- [EXERCISE OBJECTIVE]: Scan the records for "Grassland". Show the matching lines.

Records drawn from a dataset
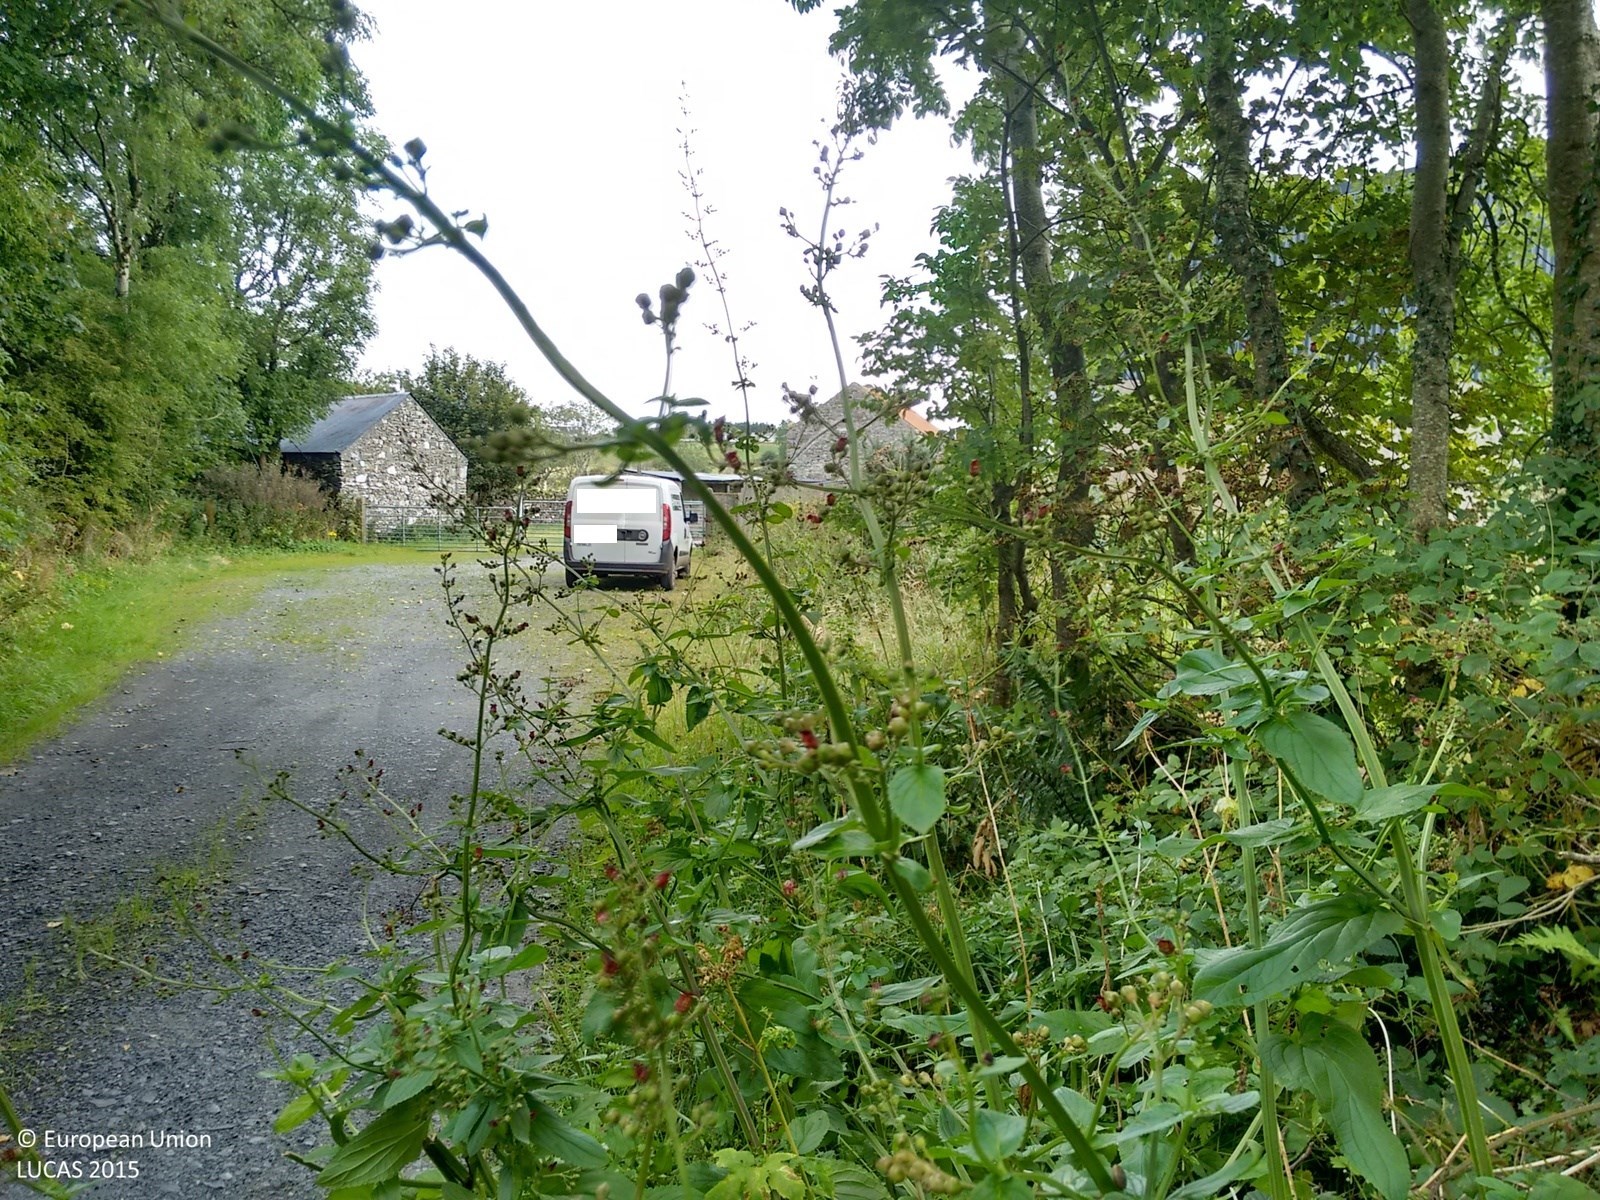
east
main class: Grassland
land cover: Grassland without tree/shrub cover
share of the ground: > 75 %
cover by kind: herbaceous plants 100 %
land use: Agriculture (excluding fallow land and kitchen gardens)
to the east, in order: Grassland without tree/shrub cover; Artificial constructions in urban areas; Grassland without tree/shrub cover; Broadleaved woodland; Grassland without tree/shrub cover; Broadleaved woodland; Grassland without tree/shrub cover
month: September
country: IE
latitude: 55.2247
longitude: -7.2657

- [WRITTEN ANSWER]:
main class: Grassland
land cover: Grassland without tree/shrub cover
to the east, in order: Grassland without tree/shrub cover; Artificial constructions in urban areas; Grassland without tree/shrub cover; Broadleaved woodland; Grassland without tree/shrub cover; Broadleaved woodland; Grassland without tree/shrub cover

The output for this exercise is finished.